Ketika aku bercermin, aku berpikir apakah akan jauh lebih baik jika aku menggunakan jaket? Tapi jika melihat keluar jendela kamar aku mendapatkan pemandangan teriknya sinar matahari. Ketika mau berangkat, aku berpikir apakah lebih baik jika aku membawa jas hujan? Tapi jika melihat keadaan cuaca sepertinya tidak akan hujan. Aku pergi tanpa membawa apa-apa, cukup membawa tas yang berisi bahan ajar.
Sepanjang perjalanan aku berpikir bagaimana penampilan pertamaku akan mengajar di sekolah induk, bagaimana aku harus bisa berada dalam lingkaran yang sama denganku, dan bagaimana aku harus besosialisasi dengan guru-guru di sana. Dari cerita yang aku dapatkan dari Pengajar Muda sebelumnya, aku harus aktif ketika berada di sekolah ini, karena selain muridnya penduduk di sekolah ini tipekal orang-orang pasif. Dengan semangat pagi aku harus membangun aura-aura positif dalam pikiranku.
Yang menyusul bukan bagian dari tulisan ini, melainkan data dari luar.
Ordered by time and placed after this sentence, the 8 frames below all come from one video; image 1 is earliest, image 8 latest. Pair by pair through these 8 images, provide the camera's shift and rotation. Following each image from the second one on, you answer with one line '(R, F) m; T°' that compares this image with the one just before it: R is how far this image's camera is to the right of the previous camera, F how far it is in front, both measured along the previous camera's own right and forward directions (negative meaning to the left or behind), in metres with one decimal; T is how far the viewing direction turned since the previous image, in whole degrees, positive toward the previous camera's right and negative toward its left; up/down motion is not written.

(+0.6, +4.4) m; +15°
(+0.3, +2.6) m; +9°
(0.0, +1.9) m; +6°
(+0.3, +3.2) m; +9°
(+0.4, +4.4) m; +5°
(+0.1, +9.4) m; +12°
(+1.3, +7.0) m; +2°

Dari jauh aku melihat bangunan sekolah induk, sangat berbeda dengan keadaan sekolah lokal jauh yang masih bisa dibilang dengan sekolah darurat. Sekolah ini terdiri dari tiga bangunan berbentuk huruf U, dua bangunan sudah menjadi bangunan permanen dan satu bangunan masih berdinding kayu. Sedangkan sekolah lokal jauh hanyalah satu bangunan memanjang, yang antara kelas satu dengan kelas lainnya hanya bersekat papan sehingga dengan mudah murid kelas lain menyusup masuk ke dalam kelasku. Ketika motorku memasuki halaman sekolah salah seorang murid kelas tiga berteriak:
“MASUUUUUUUUUUUUUUUUUUUUUUUUUUK!! BU MELISSA DATANG”
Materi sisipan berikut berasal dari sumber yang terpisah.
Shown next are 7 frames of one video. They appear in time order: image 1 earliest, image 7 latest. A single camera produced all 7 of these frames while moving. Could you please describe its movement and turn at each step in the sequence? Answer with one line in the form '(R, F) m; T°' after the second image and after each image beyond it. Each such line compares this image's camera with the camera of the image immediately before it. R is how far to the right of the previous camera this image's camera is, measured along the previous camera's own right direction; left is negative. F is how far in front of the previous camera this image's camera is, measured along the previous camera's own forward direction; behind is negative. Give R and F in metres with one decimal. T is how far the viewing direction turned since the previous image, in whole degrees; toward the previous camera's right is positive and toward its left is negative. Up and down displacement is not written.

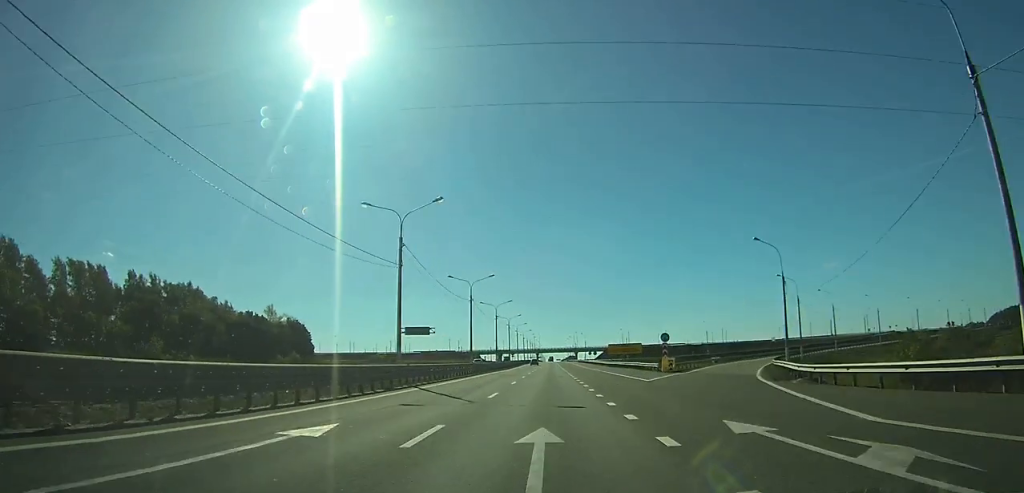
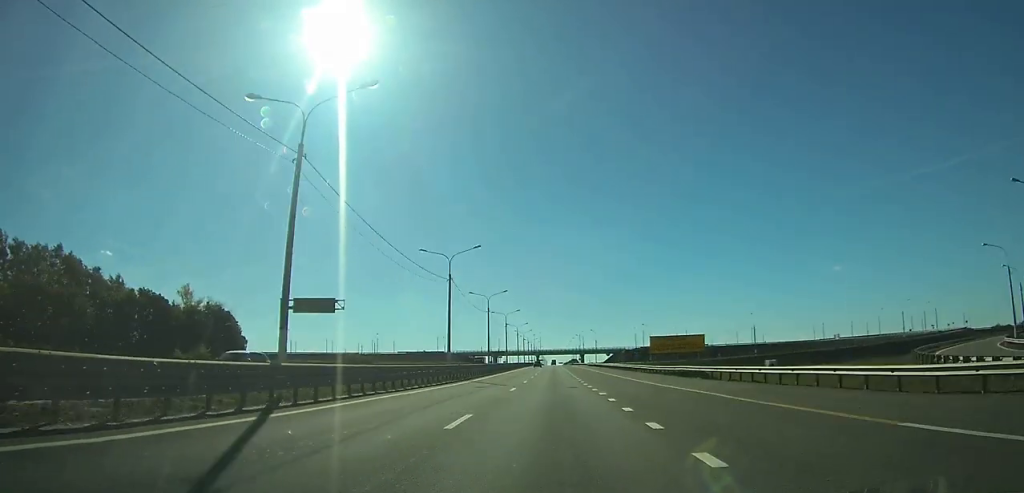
(0.0, +45.7) m; 0°
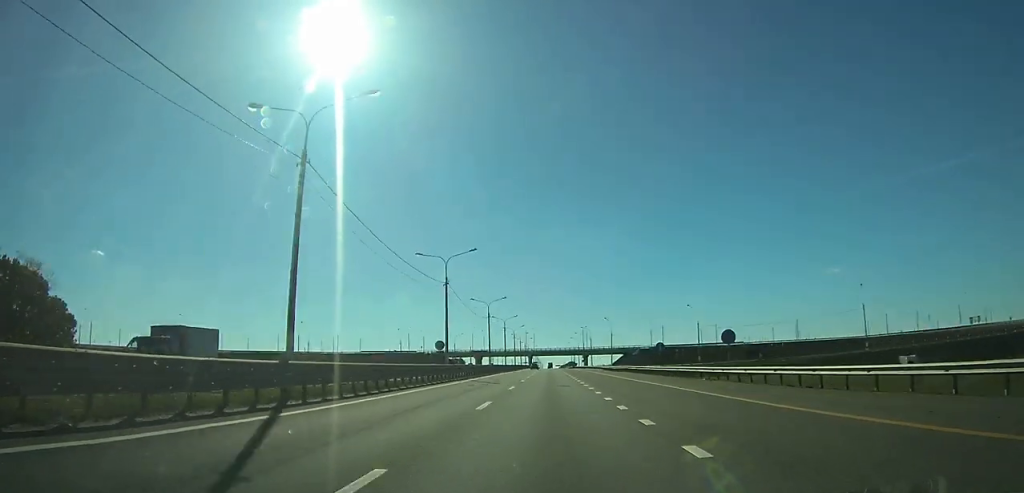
(0.0, +59.0) m; 0°
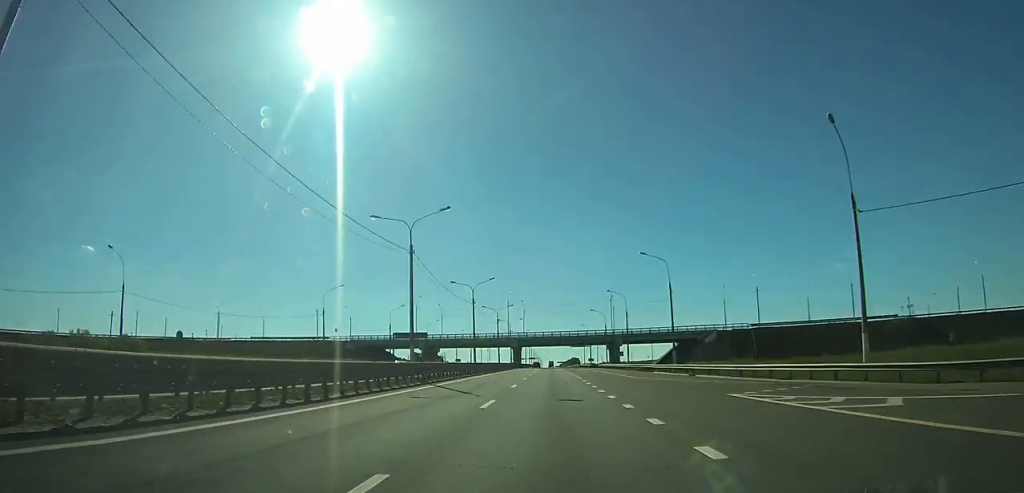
(+0.4, +108.5) m; 0°
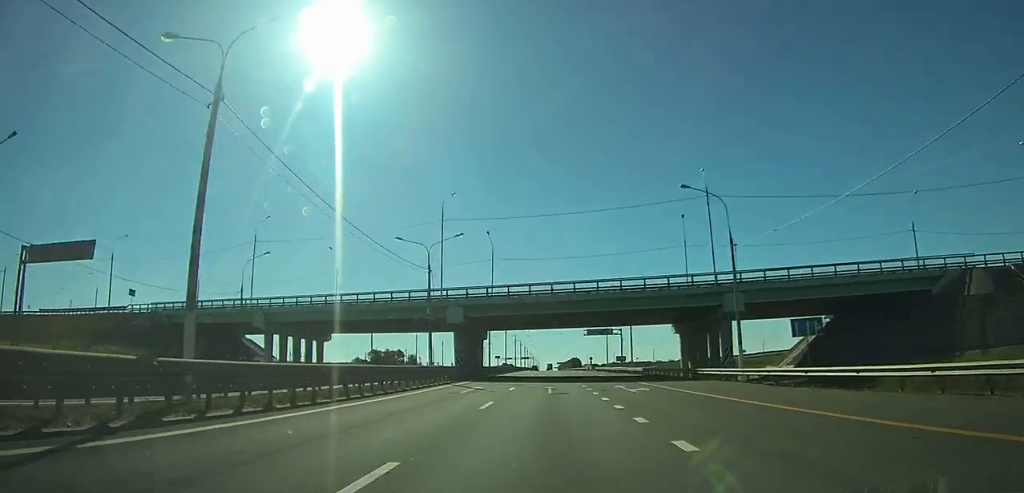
(+0.1, +83.3) m; 0°
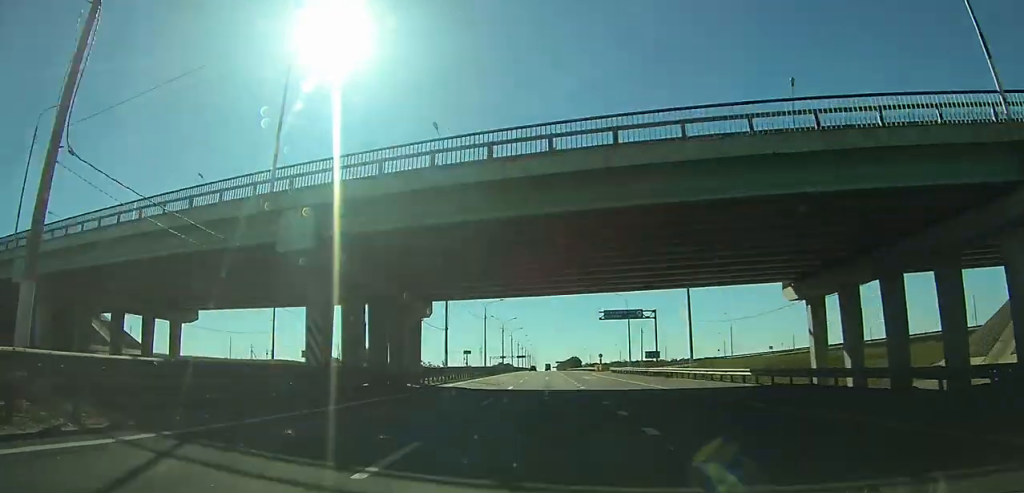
(0.0, +34.1) m; 0°
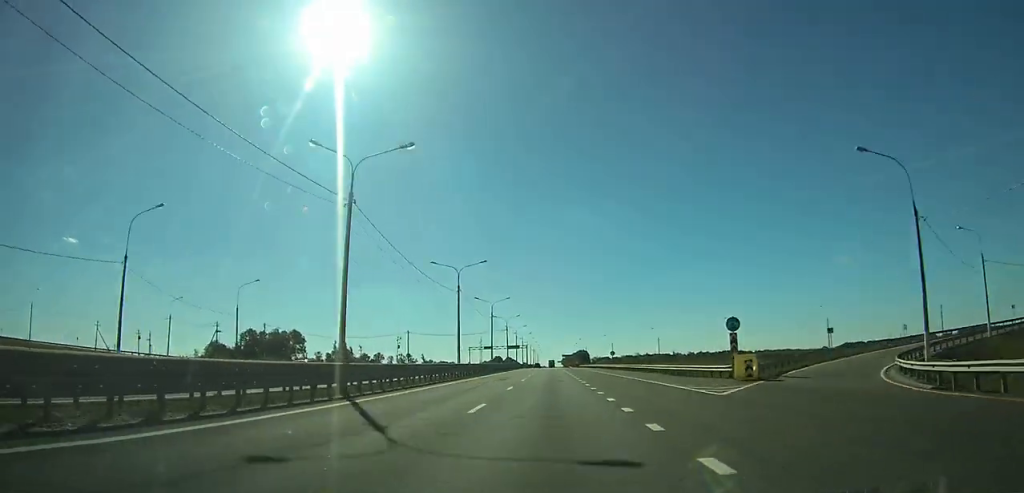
(-0.1, +87.2) m; 0°

Walaupun ini adalah hari pertamaku mengajar di sekolah ini, tapi ini bukanlah kali pertamaku datang ke sekolah ini. Ketika Yunita Ekasari Bahrun, Pengajar Muda angkatan I yang sebelumnya bertugas di sekolah ini, mengadakan perpisahan aku ikut hadir. Dalam kesempatan itu aku masuk ke seluruh kelas yang ada dan diperkenalkan kepada seluruh murid.
Aku memarkirkan motor di samping ruang guru, dengan langkah pasti aku masuk ke ruangan berdinding kayu itu. Seluruh mata memandangku, aku tersenyum dan aku menyalami seluruh pemilik mata yang sedang memandangiku itu. Baru sedikit berbincang lonceng pun telah berbunyi, aku pun mengucap kata permisi untuk segera masuk ke dalam kelas. Kesan pertama seperti sedang berada di dalam lemari es di tengah-tengah padang pasir.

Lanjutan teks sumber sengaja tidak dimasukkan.